Christmas Eve fire kills man, dog

Piles of debris, paint cans impeded firefighters in Mount Clare rowhouse

December 26, 2007|By Gadi Dechter | Gadi Dechter,Sun reporter

A man and his dog died in a Southwest Baltimore house fire Monday night, city fire officials said yesterday.

About 11 p.m. on Christmas Eve, firefighters responded to reports of smoke at an alley house in the 300 block of S. Norris St. in the Mount Clare neighborhood.

While working to extinguish the heavy fire in the rear of the Formstone-clad rowhouse, firefighters were impeded by floor-to-ceiling piles of debris - mostly towers of empty paint cans and piles of aluminum cans - that littered the two-story dwelling, said Chief Kevin Cartwright, Fire Department spokesman.

A man weighing about 300 pounds and believed to be in his 40s was found unconscious on the floor of the upstairs bathroom, along with his dog, according to Cartwright.

Because of the victim's size, firefighters had to knock down a wall between the bathroom and an upstairs room, and take the man out a window.

The man was taken to the emergency room of University of Maryland Medical Center, where he was pronounced dead.

Officials said they are not releasing the victim's name, pending notification of relatives.

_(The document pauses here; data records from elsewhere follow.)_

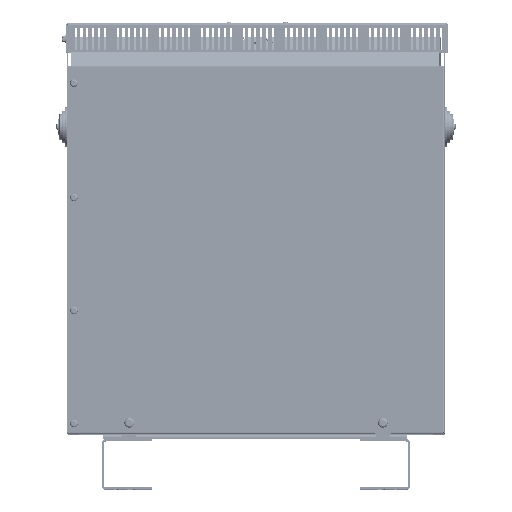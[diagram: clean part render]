
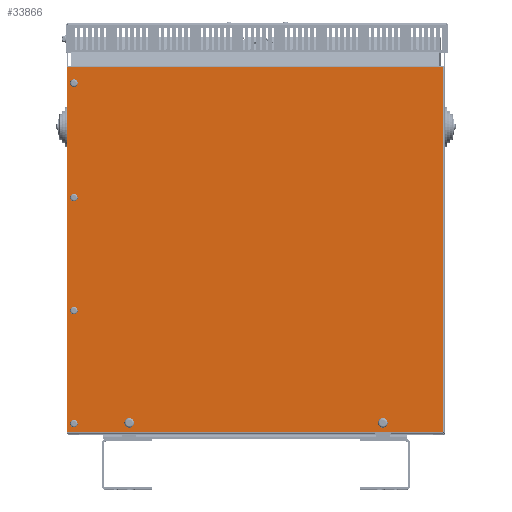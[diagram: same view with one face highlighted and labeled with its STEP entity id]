
A CAD part, top view. The second image highlights one B-rep face of the part: STEP entity #33866.
In plain terms, the highlighted planar face has unit normal (0, 0, 1).
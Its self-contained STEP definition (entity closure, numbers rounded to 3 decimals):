
#1817=FACE_BOUND('',#6790,.T.);
#1818=FACE_BOUND('',#6791,.T.);
#1819=FACE_BOUND('',#6792,.T.);
#1820=FACE_BOUND('',#6793,.T.);
#1821=FACE_BOUND('',#6794,.T.);
#1822=FACE_BOUND('',#6795,.T.);
#2674=CIRCLE('',#35762,2.6);
#2676=CIRCLE('',#35765,2.6);
#2678=CIRCLE('',#35768,2.6);
#2680=CIRCLE('',#35771,2.6);
#2683=CIRCLE('',#35775,4.);
#2685=CIRCLE('',#35778,4.);
#4833=FACE_OUTER_BOUND('',#6789,.T.);
#6789=EDGE_LOOP('',(#23878,#23879,#23880,#23881,#23882,#23883,#23884,#23885));
#6790=EDGE_LOOP('',(#23886));
#6791=EDGE_LOOP('',(#23887));
#6792=EDGE_LOOP('',(#23888));
#6793=EDGE_LOOP('',(#23889));
#6794=EDGE_LOOP('',(#23890));
#6795=EDGE_LOOP('',(#23891));
#9437=LINE('',#48961,#12551);
#9444=LINE('',#48977,#12558);
#9450=LINE('',#48992,#12564);
#9456=LINE('',#49005,#12570);
#9459=LINE('',#49014,#12573);
#9558=LINE('',#49271,#12672);
#9579=LINE('',#49322,#12693);
#9580=LINE('',#49326,#12694);
#12551=VECTOR('',#39208,10.);
#12558=VECTOR('',#39219,10.);
#12564=VECTOR('',#39231,10.);
#12570=VECTOR('',#39241,10.);
#12573=VECTOR('',#39250,10.);
#12672=VECTOR('',#39505,10.);
#12693=VECTOR('',#39578,10.);
#12694=VECTOR('',#39585,10.);
#15683=VERTEX_POINT('',#48927);
#15685=VERTEX_POINT('',#48932);
#15687=VERTEX_POINT('',#48937);
#15689=VERTEX_POINT('',#48942);
#15692=VERTEX_POINT('',#48949);
#15694=VERTEX_POINT('',#48954);
#15695=VERTEX_POINT('',#48957);
#15697=VERTEX_POINT('',#48960);
#15704=VERTEX_POINT('',#48976);
#15706=VERTEX_POINT('',#48981);
#15715=VERTEX_POINT('',#49004);
#15718=VERTEX_POINT('',#49012);
#15746=VERTEX_POINT('',#49105);
#15798=VERTEX_POINT('',#49270);
#18835=EDGE_CURVE('',#15683,#15683,#2674,.T.);
#18837=EDGE_CURVE('',#15685,#15685,#2676,.T.);
#18839=EDGE_CURVE('',#15687,#15687,#2678,.T.);
#18841=EDGE_CURVE('',#15689,#15689,#2680,.T.);
#18844=EDGE_CURVE('',#15692,#15692,#2683,.T.);
#18846=EDGE_CURVE('',#15694,#15694,#2685,.T.);
#18848=EDGE_CURVE('',#15697,#15695,#9437,.T.);
#18856=EDGE_CURVE('',#15704,#15697,#9444,.T.);
#18864=EDGE_CURVE('',#15706,#15704,#9450,.T.);
#18870=EDGE_CURVE('',#15715,#15706,#9456,.T.);
#18875=EDGE_CURVE('',#15695,#15718,#9459,.T.);
#19003=EDGE_CURVE('',#15715,#15798,#9558,.T.);
#19028=EDGE_CURVE('',#15746,#15798,#9579,.T.);
#19030=EDGE_CURVE('',#15718,#15746,#9580,.T.);
#23878=ORIENTED_EDGE('',*,*,#18848,.T.);
#23879=ORIENTED_EDGE('',*,*,#18875,.T.);
#23880=ORIENTED_EDGE('',*,*,#19030,.T.);
#23881=ORIENTED_EDGE('',*,*,#19028,.T.);
#23882=ORIENTED_EDGE('',*,*,#19003,.F.);
#23883=ORIENTED_EDGE('',*,*,#18870,.T.);
#23884=ORIENTED_EDGE('',*,*,#18864,.T.);
#23885=ORIENTED_EDGE('',*,*,#18856,.T.);
#23886=ORIENTED_EDGE('',*,*,#18835,.T.);
#23887=ORIENTED_EDGE('',*,*,#18837,.T.);
#23888=ORIENTED_EDGE('',*,*,#18839,.T.);
#23889=ORIENTED_EDGE('',*,*,#18841,.T.);
#23890=ORIENTED_EDGE('',*,*,#18844,.T.);
#23891=ORIENTED_EDGE('',*,*,#18846,.T.);
#32648=PLANE('',#35898);
#33866=ADVANCED_FACE('',(#4833,#1817,#1818,#1819,#1820,#1821,#1822),#32648,
 .T.);
#35762=AXIS2_PLACEMENT_3D('',#48928,#39170,#39171);
#35765=AXIS2_PLACEMENT_3D('',#48933,#39176,#39177);
#35768=AXIS2_PLACEMENT_3D('',#48938,#39182,#39183);
#35771=AXIS2_PLACEMENT_3D('',#48943,#39188,#39189);
#35775=AXIS2_PLACEMENT_3D('',#48950,#39196,#39197);
#35778=AXIS2_PLACEMENT_3D('',#48955,#39202,#39203);
#35898=AXIS2_PLACEMENT_3D('',#49327,#39586,#39587);
#39170=DIRECTION('center_axis',(0.,0.,-1.));
#39171=DIRECTION('ref_axis',(1.,0.,0.));
#39176=DIRECTION('center_axis',(0.,0.,-1.));
#39177=DIRECTION('ref_axis',(1.,0.,0.));
#39182=DIRECTION('center_axis',(0.,0.,-1.));
#39183=DIRECTION('ref_axis',(1.,0.,0.));
#39188=DIRECTION('center_axis',(0.,0.,-1.));
#39189=DIRECTION('ref_axis',(1.,0.,0.));
#39196=DIRECTION('center_axis',(0.,0.,-1.));
#39197=DIRECTION('ref_axis',(-1.,0.,0.));
#39202=DIRECTION('center_axis',(0.,0.,-1.));
#39203=DIRECTION('ref_axis',(-1.,0.,0.));
#39208=DIRECTION('',(0.,-1.,0.));
#39219=DIRECTION('',(1.,0.,0.));
#39231=DIRECTION('',(0.,1.,0.));
#39241=DIRECTION('',(1.,0.,0.));
#39250=DIRECTION('',(1.,0.,0.));
#39505=DIRECTION('',(0.,1.,0.));
#39578=DIRECTION('',(-1.,0.,0.));
#39585=DIRECTION('',(0.,1.,0.));
#39586=DIRECTION('center_axis',(0.,0.,1.));
#39587=DIRECTION('ref_axis',(1.,0.,0.));
#48927=CARTESIAN_POINT('',(6.4,485.,1.5));
#48928=CARTESIAN_POINT('Origin',(9.,485.,1.5));
#48932=CARTESIAN_POINT('',(6.4,327.,1.5));
#48933=CARTESIAN_POINT('Origin',(9.,327.,1.5));
#48937=CARTESIAN_POINT('',(6.4,171.,1.5));
#48938=CARTESIAN_POINT('Origin',(9.,171.,1.5));
#48942=CARTESIAN_POINT('',(6.4,15.,1.5));
#48943=CARTESIAN_POINT('Origin',(9.,15.,1.5));
#48949=CARTESIAN_POINT('',(439.5,16.,1.5));
#48950=CARTESIAN_POINT('Origin',(435.5,16.,1.5));
#48954=CARTESIAN_POINT('',(89.5,16.,1.5));
#48955=CARTESIAN_POINT('Origin',(85.5,16.,1.5));
#48957=CARTESIAN_POINT('',(446.5,3.,1.5));
#48960=CARTESIAN_POINT('',(446.5,3.6,1.5));
#48961=CARTESIAN_POINT('',(446.5,128.625,1.5));
#48976=CARTESIAN_POINT('',(424.5,3.6,1.5));
#48977=CARTESIAN_POINT('',(353.5,3.6,1.5));
#48981=CARTESIAN_POINT('',(424.5,3.,1.5));
#48992=CARTESIAN_POINT('',(424.5,128.925,1.5));
#49004=CARTESIAN_POINT('',(0.,3.,1.5));
#49005=CARTESIAN_POINT('',(130.25,3.,1.5));
#49012=CARTESIAN_POINT('',(518.,3.,1.5));
#49014=CARTESIAN_POINT('',(130.25,3.,1.5));
#49105=CARTESIAN_POINT('',(518.,507.696,1.5));
#49270=CARTESIAN_POINT('',(0.,507.696,1.5));
#49271=CARTESIAN_POINT('',(0.,508.5,1.5));
#49322=CARTESIAN_POINT('',(389.25,507.696,1.5));
#49326=CARTESIAN_POINT('',(518.,127.125,1.5));
#49327=CARTESIAN_POINT('Origin',(260.5,254.25,1.5));

Kathleen Howlett, who lives next door, said she called 911 Monday night after smelling smoke and seeing "roaring" flames.

She said the victim had lived in the house for at least six years and rarely ventured outside, except to walk his dog.

"Mostly he was an inside person," Howlett said yesterday, while inspecting water-related damage to her own house. "This is just a bad Christmas."

Yesterday, towering stacks of five-gallon paint cans, cardboard boxes and hundreds of soda and beer cans were visible throughout the charred home.

Howlett said the victim's father was at the scene last night. "He took the news real hard," she said.

Howlett said she saw what she assumed were looters morning rummaging through the debris and carting away boxes yesterday.

Cartwright said the fire apparently began in the first-floor kitchen, but the cause has not been determined. There were no smoke detectors in the house, he said.